The parallel postulate
states that if when one straight line L0 crosses two straight lines L1 and L2 to create interior angles α and β whose sum is less than π
then L1 and L2 meet on the side of L0 that contains α and β as seen in the figure.
The first implication is that if the sum of the angles α and β is greater than π, then the two lines will meet on the opposite side. The second implication is that if the sum of α and β is equal to π then lines L1 and L2 do not meet.
The major question for those probing Euclid for flaws was, where does this postulate come from. Is it derivable from the other nine axioms? Many great thinkers and mathematicians e.g. Lambert, Schwikart, Taurinus, et. al. worked on the above question attempting to prove its validity or derive a contradiction from its negation
. It seems that none of these great thinkers were able to derive a definitive answer to the satisfaction of the mathematical community or to themselves
. What came out of their inquiries however, laid the foundation for Gauss, Bolyai, and Lobatichevsky’s work.
Certainty and Realism
What is a straight line? Is a curve a straight line? What follows if the the parallel postulate is denied? These questions and more were the starting places for the development of non-Euclidean geometry. The figure below depicts different ways that the parallel postulate can be denied.
These models demonstrate how powerfully a simple conceptual shift can alter the entire frame of reference for mathematical systems. But, as Kline was careful to note, it was not for the mere satisfaction of their curiosity that great thinkers have altered the assumptions of a system. Rather, it was the ambiguous and undefined nature of the parallel postulate that warranted its denial.

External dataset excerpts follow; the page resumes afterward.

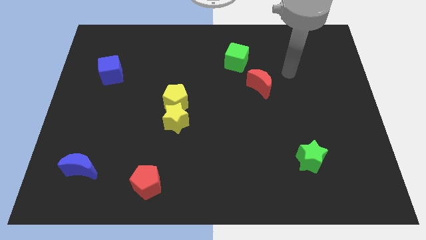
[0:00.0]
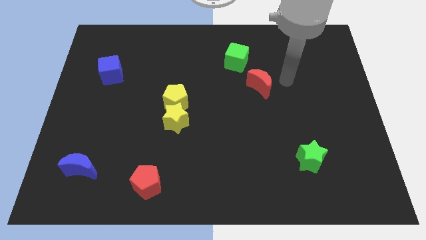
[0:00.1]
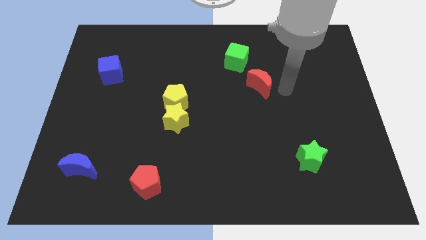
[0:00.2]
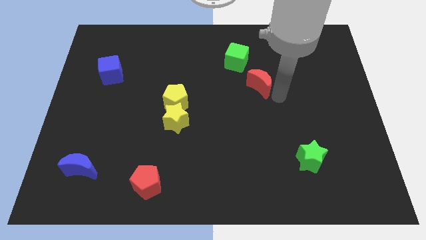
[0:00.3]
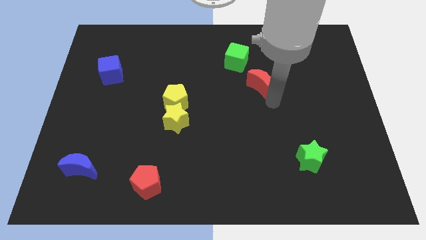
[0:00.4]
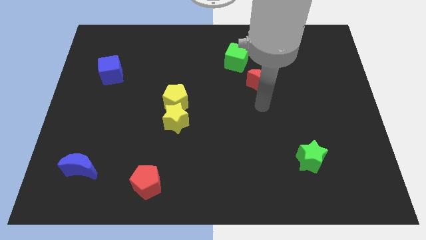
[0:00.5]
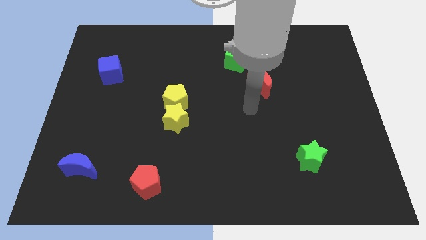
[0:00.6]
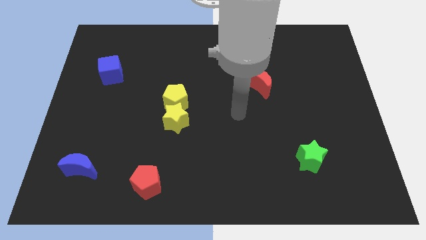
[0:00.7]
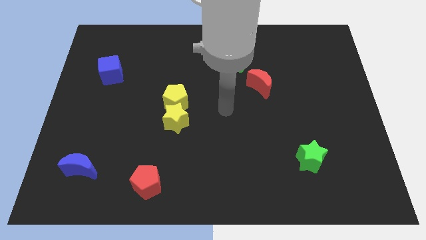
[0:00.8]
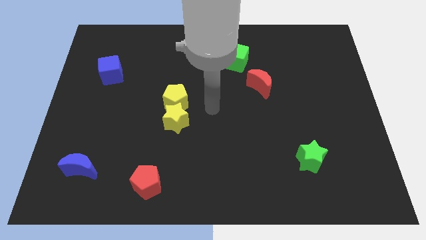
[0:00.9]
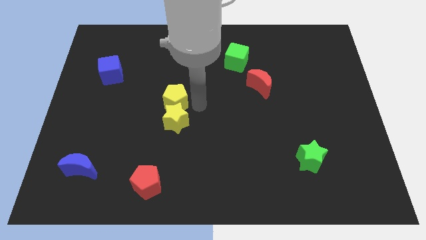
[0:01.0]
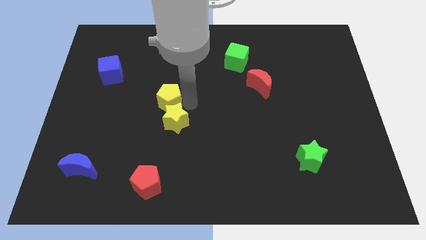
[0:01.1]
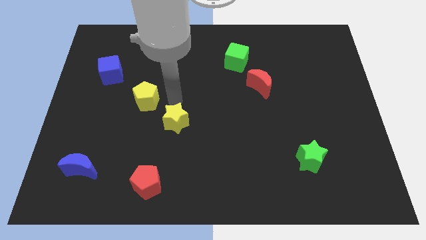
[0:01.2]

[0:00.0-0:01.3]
move the yellow star away from the yellow pentagon

Gauss was the first, according to Kline, to achieve the first major conceptual step towards non-Euclidean geometry. The parallel postulate enjoyed millennia of ataraxic dominance. Those who realized that it was not to be derived from Euclid’s other nine axioms were thus free to deny it, creating revolutionary new geometrical systems. And these men fell in line with many similarly great thinkers. Gauss stands alone however, as he was the first to abandon the interpretation of Euclid’s geometry that necessitated its relationship to physical space
. Denying the parallel postulate opens up entirely new possibilities for consistent geometrical systems. Denying that Euclid’s geometry is ‘real’ gives way to entirely new possibilities concerning the philosophical foundations of geometry itself.

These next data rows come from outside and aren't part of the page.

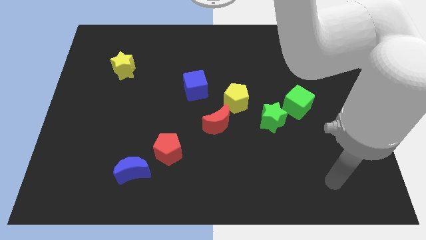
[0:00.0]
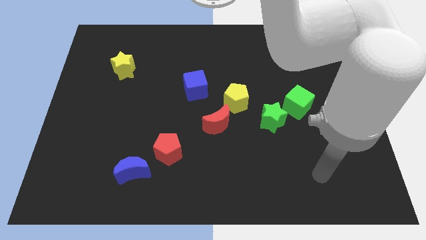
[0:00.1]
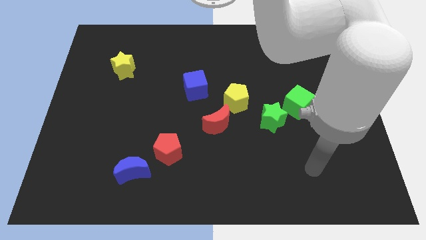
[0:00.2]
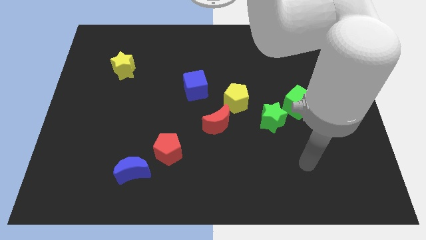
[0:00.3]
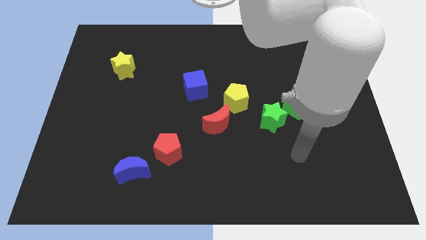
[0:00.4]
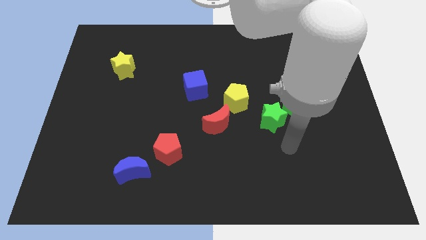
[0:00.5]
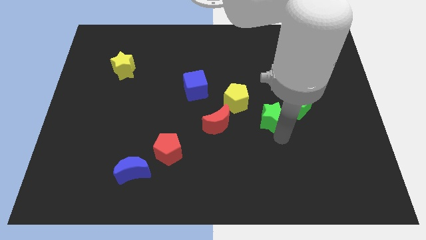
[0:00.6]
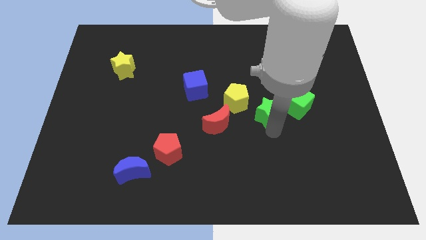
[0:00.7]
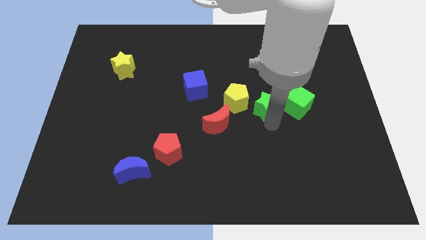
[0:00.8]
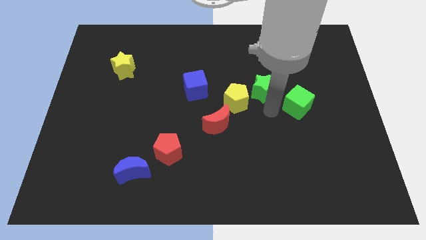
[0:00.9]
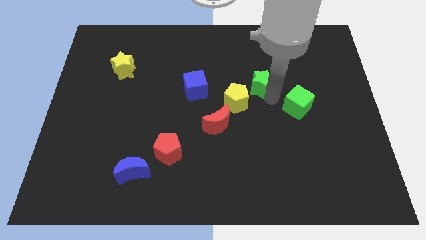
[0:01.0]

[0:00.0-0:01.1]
separate the green cube from the green star

Gauss classified the so-called truth of geometry with studies such as mechanics
, i.e., truth as verified by experience (as opposed to its former lofty and prestigious verification by a priori Reason). This paradigm shift began to dismantle the logical certainty of Mathematics. Until this point in history to say that something was as sure as Euclid’s geometry was to say that it was indubitable and held the same class of certainty as the cogito. Philosophers and Mathematicians alike were now forced to consider geometry as one strain of possible truths. Perhaps there exists a possible world in which the interior angles of a triangle do not sum to π. Perhaps that possible world is our world. Imagine that it becomes the case that a gifted mathematician could demonstrate that their exists some rational number that is precisely equal to the square root of two. “That can not be.” the skeptic might reply. “We have sophisticated and elegant proofs that deny that such a rational number exists.”

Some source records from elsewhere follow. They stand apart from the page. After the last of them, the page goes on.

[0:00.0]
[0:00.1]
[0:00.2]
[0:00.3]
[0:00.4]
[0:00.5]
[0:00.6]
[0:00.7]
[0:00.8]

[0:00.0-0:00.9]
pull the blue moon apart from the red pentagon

Where then, can one draw the line between what is simply reasonable and what is necessarily true? Non-Euclidean geometry left the mathematical community bereft of its certainty. The ‘real’ was now becoming ambiguous. Mathematical thinkers were not lost forever. Contemporary thinkers have created models of physical space that utilize non-Euclidean geometry elegantly. What the development of non-Euclidean geometry shows is not that our epistemological foundations are dubious, rather, that our assumptions are neither more or less than splendid dogmas subject to scrutiny.